Hearts of palm are a great treat! They are expensive! And, they have a very memorable nutty, artichoke-like taste, which is exciting and just right at salad events — a must-have a festive Brazilian churrascarias. This delightful treat has other names including palmito, swamp cabbage and cabbage palm. When you taste a piece of heart of palm, you’ll find it has a pleasing, smooth texture. Not at all heart-shaped, pieces of the palm are always smooth cylinders, a pale ivory in color and they go down very easily.
When Christopher Columbus arrived in the Caribbean, he learned from the Carib Indians how they used many materials from the Pejibaye palm and feasted on the heart of it. Floridian natives were growing and enjoying the hearts, as well.
Early hearts of palm were largely grown in Brazil and secured from the heart of the icara palm which was becoming endangered an necessitated longer growth time. Now production is brisk in Costa Rica and Ecuador where hearts are harvested from quicker-growing, non-endangered palms. Their expense is still due to labor-intensive harvesting issues.
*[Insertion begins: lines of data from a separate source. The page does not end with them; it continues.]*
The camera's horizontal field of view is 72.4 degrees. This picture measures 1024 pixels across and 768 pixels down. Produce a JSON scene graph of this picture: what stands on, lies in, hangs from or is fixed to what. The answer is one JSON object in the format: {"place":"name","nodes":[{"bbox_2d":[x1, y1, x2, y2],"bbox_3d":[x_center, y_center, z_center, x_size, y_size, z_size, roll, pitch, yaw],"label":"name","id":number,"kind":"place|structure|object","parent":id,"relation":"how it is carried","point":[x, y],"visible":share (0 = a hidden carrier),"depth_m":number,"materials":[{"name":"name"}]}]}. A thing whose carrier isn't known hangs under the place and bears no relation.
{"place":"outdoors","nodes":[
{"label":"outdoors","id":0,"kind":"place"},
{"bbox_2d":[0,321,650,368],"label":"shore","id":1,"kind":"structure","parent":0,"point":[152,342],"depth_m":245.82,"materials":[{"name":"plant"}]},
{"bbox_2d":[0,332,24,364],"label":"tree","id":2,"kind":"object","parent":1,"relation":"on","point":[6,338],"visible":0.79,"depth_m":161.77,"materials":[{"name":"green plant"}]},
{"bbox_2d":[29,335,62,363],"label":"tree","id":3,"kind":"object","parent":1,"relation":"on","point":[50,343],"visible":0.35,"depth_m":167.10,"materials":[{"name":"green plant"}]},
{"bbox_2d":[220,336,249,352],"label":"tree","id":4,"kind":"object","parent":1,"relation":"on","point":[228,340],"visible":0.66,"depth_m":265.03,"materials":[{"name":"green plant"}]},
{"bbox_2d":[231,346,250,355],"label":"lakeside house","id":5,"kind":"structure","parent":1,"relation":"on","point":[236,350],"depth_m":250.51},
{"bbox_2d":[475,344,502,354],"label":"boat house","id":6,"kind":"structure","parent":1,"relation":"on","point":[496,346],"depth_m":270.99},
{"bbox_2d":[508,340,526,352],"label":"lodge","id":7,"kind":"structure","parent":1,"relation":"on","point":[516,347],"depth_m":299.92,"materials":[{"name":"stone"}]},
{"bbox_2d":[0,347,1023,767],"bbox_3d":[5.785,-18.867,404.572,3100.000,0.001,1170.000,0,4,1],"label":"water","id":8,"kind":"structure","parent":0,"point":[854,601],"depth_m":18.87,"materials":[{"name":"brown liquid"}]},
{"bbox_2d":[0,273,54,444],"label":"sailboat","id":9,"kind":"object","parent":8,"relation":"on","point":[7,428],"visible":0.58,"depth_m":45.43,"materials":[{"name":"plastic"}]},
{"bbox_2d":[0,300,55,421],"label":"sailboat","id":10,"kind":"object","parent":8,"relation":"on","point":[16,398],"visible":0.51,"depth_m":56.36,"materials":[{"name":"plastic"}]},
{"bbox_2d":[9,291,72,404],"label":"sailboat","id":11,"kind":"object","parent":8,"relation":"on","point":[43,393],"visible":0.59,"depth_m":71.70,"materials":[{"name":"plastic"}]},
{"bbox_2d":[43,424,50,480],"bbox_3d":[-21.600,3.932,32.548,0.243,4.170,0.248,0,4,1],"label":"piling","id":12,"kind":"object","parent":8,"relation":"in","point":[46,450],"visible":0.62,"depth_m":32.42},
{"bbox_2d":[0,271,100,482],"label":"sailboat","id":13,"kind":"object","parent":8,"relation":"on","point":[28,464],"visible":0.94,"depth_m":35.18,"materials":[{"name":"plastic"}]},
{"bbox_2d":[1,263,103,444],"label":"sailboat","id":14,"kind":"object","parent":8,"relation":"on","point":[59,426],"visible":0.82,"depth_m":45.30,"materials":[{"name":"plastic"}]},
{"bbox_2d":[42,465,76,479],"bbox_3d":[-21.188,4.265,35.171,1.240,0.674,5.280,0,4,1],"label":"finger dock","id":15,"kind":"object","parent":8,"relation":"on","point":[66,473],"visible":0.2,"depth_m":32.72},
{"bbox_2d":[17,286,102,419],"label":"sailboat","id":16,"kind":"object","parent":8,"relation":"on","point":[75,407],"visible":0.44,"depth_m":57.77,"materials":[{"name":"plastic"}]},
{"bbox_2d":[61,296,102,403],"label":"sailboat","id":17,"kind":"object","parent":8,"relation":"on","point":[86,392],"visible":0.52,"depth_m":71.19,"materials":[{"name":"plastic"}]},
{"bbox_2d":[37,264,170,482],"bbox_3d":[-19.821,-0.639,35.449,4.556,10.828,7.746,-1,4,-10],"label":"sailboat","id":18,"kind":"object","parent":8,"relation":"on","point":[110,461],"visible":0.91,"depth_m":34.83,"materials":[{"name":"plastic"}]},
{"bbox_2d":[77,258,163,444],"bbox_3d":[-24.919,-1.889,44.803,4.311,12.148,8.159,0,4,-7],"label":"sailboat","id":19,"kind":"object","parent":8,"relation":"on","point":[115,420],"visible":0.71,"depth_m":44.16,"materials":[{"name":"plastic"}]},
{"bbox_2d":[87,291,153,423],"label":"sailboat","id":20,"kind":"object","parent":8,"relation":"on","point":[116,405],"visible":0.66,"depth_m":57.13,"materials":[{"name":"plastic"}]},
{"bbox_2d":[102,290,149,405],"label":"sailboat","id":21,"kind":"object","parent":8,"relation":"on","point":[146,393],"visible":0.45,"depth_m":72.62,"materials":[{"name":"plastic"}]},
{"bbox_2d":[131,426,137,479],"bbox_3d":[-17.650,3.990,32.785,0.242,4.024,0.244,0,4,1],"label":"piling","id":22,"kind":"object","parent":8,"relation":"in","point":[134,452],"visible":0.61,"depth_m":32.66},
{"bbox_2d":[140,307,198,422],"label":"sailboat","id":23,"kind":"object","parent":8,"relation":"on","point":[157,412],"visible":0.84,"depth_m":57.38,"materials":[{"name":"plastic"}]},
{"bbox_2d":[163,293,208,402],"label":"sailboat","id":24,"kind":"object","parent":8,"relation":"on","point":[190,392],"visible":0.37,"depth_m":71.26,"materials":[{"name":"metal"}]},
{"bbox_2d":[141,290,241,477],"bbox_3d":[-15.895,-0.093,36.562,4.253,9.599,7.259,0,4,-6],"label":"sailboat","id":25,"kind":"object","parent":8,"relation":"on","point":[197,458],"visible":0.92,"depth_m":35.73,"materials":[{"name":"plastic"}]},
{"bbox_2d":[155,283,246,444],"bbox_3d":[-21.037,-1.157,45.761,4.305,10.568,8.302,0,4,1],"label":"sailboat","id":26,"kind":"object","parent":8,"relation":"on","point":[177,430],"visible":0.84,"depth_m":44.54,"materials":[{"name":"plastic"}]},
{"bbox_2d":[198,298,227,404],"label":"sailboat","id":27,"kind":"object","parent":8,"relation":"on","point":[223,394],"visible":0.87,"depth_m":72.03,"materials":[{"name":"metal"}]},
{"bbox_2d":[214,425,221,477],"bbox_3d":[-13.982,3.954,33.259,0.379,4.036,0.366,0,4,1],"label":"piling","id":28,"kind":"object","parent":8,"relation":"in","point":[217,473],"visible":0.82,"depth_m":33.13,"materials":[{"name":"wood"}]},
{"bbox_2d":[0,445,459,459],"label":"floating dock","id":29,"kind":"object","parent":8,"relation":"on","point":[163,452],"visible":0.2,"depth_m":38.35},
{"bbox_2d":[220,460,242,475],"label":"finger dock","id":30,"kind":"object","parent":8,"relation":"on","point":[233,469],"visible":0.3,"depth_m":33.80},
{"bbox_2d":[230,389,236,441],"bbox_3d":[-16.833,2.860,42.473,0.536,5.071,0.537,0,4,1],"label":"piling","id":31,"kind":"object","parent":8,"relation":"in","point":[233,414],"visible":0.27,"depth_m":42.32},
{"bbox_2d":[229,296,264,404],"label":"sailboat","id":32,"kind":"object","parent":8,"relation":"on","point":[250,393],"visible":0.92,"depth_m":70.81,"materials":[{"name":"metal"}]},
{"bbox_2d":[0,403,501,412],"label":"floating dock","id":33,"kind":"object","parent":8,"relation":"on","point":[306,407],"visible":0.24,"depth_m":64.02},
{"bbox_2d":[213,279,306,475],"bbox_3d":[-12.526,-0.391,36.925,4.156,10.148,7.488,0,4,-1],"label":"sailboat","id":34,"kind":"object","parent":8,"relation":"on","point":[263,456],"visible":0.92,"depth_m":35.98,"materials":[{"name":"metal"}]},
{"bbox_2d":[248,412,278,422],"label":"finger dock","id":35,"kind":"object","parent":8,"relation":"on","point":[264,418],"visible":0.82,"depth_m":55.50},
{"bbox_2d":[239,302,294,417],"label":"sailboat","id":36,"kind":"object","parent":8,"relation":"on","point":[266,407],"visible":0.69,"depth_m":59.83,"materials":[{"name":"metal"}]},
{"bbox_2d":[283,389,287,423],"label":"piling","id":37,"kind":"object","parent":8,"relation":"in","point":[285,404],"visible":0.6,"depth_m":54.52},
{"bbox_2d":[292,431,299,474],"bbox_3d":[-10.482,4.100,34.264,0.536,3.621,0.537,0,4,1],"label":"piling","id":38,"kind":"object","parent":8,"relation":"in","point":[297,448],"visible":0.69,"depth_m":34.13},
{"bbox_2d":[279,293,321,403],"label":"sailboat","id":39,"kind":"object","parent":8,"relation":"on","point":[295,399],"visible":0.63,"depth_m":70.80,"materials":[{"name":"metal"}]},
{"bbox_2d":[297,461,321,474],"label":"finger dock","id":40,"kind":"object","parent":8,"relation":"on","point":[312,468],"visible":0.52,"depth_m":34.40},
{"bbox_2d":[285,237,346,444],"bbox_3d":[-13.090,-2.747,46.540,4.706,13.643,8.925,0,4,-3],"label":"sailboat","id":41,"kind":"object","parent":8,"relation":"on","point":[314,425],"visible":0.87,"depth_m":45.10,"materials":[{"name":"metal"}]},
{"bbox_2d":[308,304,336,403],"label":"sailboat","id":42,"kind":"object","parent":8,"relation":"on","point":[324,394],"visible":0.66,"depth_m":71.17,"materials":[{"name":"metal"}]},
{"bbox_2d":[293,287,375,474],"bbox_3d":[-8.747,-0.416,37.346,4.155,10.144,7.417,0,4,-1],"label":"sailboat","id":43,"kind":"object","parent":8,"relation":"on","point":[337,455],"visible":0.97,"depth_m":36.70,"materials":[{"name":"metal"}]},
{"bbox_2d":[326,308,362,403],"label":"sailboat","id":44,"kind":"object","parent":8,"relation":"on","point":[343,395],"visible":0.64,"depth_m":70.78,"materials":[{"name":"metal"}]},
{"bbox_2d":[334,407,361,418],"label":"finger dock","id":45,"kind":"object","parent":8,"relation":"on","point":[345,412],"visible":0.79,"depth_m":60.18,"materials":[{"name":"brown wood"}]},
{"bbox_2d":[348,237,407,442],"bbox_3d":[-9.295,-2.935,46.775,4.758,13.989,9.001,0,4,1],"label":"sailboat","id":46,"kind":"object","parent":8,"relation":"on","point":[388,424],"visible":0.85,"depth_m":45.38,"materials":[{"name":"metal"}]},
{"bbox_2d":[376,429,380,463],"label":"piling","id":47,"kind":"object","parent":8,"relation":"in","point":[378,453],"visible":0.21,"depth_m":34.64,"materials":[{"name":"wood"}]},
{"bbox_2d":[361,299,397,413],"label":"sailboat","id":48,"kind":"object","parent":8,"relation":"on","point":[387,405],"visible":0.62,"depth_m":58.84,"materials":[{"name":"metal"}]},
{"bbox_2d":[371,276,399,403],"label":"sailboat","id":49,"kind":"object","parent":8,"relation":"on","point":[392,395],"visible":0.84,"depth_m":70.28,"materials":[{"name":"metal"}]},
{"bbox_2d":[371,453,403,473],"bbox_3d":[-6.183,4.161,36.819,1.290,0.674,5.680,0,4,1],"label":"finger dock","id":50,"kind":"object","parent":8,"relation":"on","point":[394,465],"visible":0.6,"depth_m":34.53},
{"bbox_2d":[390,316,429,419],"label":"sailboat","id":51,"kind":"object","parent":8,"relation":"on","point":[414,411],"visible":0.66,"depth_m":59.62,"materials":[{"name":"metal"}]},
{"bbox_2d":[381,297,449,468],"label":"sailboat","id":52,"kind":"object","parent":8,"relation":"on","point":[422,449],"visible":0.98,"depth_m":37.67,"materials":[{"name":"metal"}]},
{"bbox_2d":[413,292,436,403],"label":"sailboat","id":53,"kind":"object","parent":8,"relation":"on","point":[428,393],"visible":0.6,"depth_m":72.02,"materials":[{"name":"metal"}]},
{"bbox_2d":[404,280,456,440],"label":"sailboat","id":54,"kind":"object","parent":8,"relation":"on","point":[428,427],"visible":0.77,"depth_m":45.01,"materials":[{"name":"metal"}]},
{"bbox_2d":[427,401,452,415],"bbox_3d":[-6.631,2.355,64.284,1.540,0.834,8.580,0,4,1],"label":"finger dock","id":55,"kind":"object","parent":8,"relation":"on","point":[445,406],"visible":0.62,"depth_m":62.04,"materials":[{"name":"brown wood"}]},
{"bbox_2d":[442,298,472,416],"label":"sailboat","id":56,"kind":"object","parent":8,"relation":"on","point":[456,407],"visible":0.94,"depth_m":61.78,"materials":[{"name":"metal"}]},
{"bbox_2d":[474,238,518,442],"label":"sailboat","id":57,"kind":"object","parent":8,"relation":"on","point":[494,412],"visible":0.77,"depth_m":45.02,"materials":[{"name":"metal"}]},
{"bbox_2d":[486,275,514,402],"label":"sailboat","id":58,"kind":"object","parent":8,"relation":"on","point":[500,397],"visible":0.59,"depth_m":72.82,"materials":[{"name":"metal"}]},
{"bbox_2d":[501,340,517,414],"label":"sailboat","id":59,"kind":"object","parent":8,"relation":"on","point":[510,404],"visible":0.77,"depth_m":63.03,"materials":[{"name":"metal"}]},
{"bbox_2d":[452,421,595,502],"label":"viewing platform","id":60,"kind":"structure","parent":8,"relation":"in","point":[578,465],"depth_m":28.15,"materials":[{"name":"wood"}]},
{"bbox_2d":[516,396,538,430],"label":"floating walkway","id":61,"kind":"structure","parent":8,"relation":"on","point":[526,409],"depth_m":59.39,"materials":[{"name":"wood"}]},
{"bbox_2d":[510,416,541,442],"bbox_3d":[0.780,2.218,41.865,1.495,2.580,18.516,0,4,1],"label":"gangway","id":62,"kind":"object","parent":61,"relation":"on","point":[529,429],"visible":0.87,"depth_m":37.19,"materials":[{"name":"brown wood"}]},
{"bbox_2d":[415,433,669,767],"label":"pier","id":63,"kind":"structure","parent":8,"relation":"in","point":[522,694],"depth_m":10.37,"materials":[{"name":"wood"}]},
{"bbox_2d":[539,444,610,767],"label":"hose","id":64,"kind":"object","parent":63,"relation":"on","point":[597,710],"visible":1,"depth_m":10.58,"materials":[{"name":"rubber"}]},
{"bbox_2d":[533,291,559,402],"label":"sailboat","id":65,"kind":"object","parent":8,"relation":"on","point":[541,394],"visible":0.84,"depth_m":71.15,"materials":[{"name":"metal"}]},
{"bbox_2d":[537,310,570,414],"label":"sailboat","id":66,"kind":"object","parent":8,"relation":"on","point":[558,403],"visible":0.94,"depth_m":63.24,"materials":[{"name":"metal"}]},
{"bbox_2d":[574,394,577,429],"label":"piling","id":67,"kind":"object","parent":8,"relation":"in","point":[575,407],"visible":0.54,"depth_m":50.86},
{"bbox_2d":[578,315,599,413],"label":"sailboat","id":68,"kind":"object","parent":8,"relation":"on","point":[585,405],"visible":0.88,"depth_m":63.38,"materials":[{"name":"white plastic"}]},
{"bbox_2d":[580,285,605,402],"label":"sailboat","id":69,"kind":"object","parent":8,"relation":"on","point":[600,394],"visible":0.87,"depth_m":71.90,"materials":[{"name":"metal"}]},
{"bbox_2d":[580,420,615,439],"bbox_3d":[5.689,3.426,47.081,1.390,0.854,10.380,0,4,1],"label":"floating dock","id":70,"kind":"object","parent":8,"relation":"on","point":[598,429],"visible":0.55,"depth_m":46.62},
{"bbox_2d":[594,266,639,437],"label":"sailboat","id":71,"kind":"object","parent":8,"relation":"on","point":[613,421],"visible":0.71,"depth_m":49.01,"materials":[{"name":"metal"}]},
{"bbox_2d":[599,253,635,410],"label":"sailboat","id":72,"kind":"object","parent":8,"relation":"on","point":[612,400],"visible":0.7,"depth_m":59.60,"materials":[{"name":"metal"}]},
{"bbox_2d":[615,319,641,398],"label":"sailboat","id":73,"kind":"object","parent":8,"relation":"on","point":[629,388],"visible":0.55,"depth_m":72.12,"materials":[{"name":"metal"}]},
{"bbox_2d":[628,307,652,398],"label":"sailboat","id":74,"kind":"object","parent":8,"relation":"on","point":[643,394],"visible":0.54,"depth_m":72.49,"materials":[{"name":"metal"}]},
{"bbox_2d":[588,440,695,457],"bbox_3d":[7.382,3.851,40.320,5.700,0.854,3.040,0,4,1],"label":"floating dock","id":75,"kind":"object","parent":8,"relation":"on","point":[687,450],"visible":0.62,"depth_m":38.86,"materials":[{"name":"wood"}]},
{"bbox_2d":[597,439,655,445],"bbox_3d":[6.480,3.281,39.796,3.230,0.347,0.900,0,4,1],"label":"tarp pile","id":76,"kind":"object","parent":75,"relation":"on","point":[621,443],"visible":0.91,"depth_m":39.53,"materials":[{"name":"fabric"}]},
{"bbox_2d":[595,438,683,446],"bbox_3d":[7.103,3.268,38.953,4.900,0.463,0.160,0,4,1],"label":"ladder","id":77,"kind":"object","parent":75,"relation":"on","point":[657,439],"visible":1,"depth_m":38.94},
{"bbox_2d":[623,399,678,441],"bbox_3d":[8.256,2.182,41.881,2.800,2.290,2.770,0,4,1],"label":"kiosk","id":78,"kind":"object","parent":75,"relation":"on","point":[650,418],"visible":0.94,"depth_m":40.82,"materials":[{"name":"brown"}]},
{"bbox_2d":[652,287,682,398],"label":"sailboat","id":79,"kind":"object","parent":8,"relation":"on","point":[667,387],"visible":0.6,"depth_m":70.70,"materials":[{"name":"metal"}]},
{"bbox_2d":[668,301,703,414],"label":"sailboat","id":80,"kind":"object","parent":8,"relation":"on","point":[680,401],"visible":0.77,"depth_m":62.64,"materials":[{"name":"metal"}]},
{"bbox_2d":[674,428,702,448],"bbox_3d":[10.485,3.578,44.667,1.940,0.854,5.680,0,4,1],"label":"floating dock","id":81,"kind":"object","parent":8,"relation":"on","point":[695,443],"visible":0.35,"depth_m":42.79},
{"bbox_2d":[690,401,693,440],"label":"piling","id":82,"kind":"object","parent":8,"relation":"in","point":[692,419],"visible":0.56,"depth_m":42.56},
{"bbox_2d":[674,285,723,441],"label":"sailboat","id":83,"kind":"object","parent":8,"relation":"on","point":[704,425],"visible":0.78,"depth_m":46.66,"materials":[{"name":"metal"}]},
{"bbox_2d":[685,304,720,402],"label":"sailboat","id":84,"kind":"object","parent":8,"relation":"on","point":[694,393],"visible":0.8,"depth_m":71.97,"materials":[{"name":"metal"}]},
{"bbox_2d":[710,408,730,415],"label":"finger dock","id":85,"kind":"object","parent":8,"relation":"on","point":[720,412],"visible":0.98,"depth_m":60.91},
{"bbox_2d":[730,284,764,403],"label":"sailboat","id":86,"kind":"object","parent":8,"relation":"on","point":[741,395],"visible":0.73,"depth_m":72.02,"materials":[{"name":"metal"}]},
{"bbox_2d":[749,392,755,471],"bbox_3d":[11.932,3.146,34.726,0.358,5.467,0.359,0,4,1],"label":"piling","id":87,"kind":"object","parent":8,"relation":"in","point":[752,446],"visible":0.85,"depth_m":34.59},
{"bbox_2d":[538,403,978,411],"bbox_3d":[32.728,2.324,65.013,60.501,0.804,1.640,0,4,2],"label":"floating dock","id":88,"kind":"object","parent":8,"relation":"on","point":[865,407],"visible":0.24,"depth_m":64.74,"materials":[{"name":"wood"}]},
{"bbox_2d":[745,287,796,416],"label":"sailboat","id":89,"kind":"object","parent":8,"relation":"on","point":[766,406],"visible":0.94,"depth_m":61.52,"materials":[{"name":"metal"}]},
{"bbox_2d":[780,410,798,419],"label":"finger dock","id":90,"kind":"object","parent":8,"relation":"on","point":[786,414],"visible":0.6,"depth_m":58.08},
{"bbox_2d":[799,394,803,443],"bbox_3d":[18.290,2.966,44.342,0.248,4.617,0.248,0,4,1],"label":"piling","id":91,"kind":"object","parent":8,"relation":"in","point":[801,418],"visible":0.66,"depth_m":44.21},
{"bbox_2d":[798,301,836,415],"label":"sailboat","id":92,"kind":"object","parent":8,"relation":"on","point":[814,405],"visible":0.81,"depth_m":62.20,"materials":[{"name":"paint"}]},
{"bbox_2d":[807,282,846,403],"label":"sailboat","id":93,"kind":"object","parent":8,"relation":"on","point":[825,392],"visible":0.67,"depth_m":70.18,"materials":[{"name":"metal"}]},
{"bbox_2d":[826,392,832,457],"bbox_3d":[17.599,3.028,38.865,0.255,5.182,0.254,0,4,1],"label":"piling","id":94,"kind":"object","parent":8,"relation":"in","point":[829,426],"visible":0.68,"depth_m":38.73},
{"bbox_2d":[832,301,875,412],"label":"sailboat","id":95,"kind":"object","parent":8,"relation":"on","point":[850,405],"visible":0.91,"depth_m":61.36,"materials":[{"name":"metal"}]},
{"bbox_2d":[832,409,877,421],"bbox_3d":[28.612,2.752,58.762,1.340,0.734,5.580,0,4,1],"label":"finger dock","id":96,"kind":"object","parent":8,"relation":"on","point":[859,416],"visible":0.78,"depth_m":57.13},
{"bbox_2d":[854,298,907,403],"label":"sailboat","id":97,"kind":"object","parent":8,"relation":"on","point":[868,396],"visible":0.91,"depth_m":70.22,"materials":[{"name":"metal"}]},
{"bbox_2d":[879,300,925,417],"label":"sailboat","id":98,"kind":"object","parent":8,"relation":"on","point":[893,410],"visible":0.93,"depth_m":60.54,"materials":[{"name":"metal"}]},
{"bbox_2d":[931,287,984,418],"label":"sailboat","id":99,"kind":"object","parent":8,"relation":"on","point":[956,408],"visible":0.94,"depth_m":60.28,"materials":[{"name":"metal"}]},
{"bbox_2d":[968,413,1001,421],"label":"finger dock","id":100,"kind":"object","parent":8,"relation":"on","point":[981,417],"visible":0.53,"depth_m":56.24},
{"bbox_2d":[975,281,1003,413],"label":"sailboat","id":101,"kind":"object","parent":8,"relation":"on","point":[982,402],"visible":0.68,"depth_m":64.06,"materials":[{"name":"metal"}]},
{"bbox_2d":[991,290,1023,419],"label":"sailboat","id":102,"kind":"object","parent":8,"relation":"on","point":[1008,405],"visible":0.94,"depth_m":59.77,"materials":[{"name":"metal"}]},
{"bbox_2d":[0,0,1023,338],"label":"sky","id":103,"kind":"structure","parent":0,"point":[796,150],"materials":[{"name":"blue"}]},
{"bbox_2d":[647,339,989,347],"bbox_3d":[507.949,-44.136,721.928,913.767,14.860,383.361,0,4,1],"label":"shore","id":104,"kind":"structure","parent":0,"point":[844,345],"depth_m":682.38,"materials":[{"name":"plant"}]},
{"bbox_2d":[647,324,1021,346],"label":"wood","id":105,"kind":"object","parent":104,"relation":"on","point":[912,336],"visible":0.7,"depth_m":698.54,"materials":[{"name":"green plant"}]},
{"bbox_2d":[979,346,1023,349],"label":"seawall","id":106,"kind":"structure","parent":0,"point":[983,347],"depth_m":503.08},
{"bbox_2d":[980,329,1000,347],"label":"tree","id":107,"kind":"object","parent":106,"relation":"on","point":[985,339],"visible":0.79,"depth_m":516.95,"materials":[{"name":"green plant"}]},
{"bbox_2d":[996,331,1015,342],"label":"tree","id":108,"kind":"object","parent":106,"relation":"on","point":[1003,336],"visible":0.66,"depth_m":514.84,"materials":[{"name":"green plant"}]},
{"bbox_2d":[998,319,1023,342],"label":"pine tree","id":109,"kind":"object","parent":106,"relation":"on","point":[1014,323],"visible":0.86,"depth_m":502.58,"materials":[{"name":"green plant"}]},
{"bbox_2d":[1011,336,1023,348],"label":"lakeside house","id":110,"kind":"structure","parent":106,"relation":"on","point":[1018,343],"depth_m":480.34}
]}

In short, hearts are the low-fiber core of a larger young palm carefully separated out.
Hearts of palm are rich in iron, calcium, copper, magnesium and zinc.
Because they do not store well, hearts of palm are preserved in brine, in cans or glass jars, for distribution in North America.
Fresh hearts of palm are not conducive to transport or storage, and are universally available only in cans or jars, preserved in a simple brine.
Rinse the hearts under plain water to remove the brine taste before serving. Store any leftovers, sealed in their brine, in the refrigerator for up to two weeks.